A company-wide meeting to introduce Peloton’s incoming CEO Barry McCarthy was disrupted by angry former employees who had been laid off the previous day.
Mr McCarthy’s virtual meeting with his predecessor John Foley and other staff did not go as planned, and had to be cut short after some employees accused the company of being “awfully tone deaf”, CNBC reported, citing anonymous sources.
The meeting was held a day after Mr Foley announced his decision to step down as CEO and abruptly laid off 2,800 employees – 20 per cent of its workforce – in a bid to emerge from a precipitous decline in revenue and market value of the company.
Former workers flooded the chat with messages during the call, calling out the company for “leadership failures”.
“I’m selling all my Peloton apparel to pay my bills!!!” a former employee said in the chat.
“The company messed up by allowing people who were fired into this chat,” another member reportedly said. “Too late to mod [moderate] this.”
Before the meeting was cut short, the new CEO was asked if former employees had gained access to the meeting.
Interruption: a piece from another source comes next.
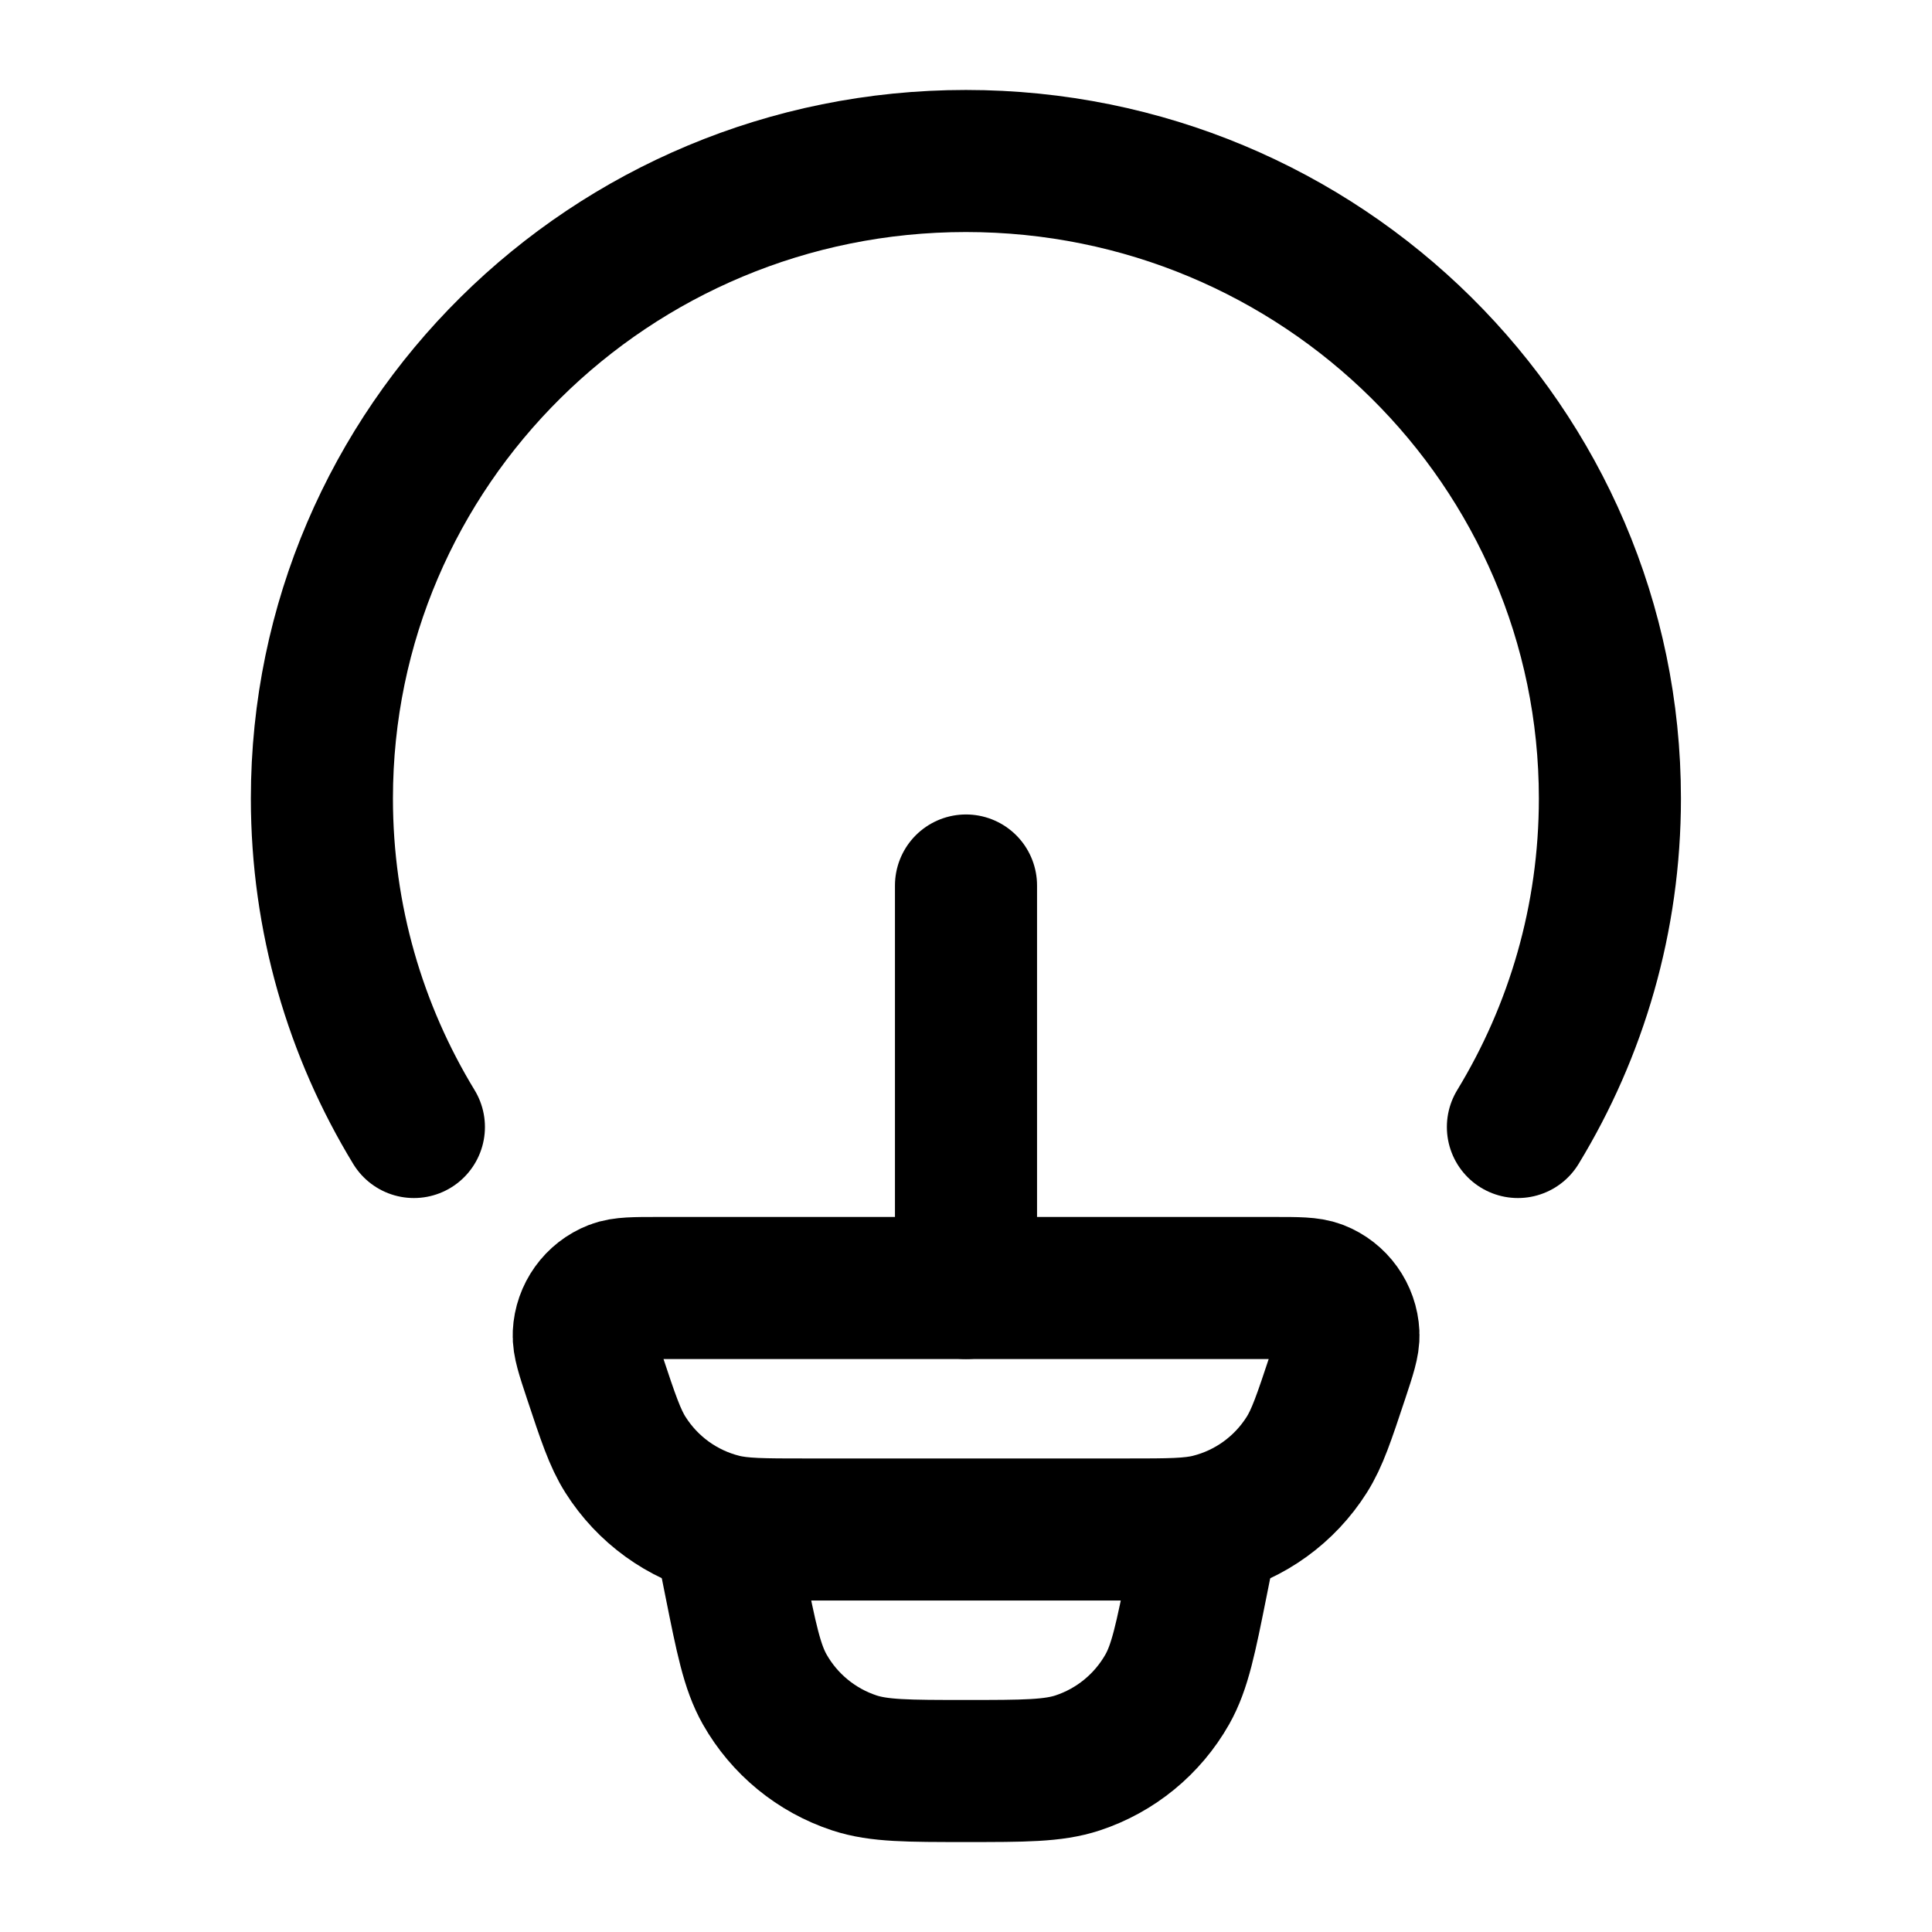 <svg xmlns="http://www.w3.org/2000/svg" width="39" height="39" viewBox="0 0 39 39" fill="none"><path d="M8.355 22.75C7.176 20.813 6.498 18.544 6.498 16.118C6.498 9.011 12.318 3.25 19.498 3.25C26.678 3.25 32.498 9.011 32.498 16.118C32.498 18.544 31.82 20.813 30.641 22.75" stroke="black" stroke-width="2.868" stroke-linecap="round"></path><path d="M11.999 27.785C11.85 27.335 11.775 27.111 11.784 26.929C11.802 26.544 12.045 26.205 12.403 26.066C12.573 26 12.809 26 13.281 26H25.723C26.195 26 26.431 26 26.601 26.066C26.959 26.205 27.202 26.544 27.22 26.929C27.229 27.111 27.154 27.335 27.005 27.785C26.729 28.616 26.591 29.031 26.378 29.367C25.932 30.072 25.234 30.577 24.427 30.779C24.041 30.875 23.605 30.875 22.733 30.875H16.271C15.399 30.875 14.963 30.875 14.577 30.779C13.77 30.577 13.072 30.072 12.626 29.367C12.413 29.031 12.275 28.616 11.999 27.785Z" stroke="black" stroke-width="2.868"></path><path d="M24.375 30.875L24.165 31.926C23.935 33.075 23.82 33.649 23.563 34.103C23.165 34.805 22.52 35.334 21.753 35.587C21.258 35.75 20.672 35.75 19.5 35.75C18.328 35.75 17.742 35.75 17.247 35.587C16.48 35.334 15.835 34.805 15.437 34.103C15.18 33.649 15.065 33.075 14.835 31.926L14.625 30.875" stroke="black" stroke-width="2.868"></path><path d="M19.5 26V17.875" stroke="black" stroke-width="2.868" stroke-linecap="round" stroke-linejoin="round"></path></svg>

Mr McCarthy responded with “no comments”.
Mr Foley will remain executive chairman of the Peloton board. He also retains a controlling chunk of the company’s voting shares. Announcing his decision on Tuesday, the former CEO said that outgoing employees would receive a “meaningful cash severance allotment,” extended health coverage “for a period of time”, career services, and a free year of Peloton’s live-streamed exercise classes.
At the peak of the Covid-19 pandemic, Peloton’s sales skyrocketed as gyms closed and fitness fanatics found themselves trapped in their homes. But as the lockdowns have loosened, Peloton’s profits have taken a huge hit – since January 2021, the company’s stock has sunk by 80 per cent.
Peloton is also scrapping its plan to build a factory in Ohio, which would have been its first plant in the United States.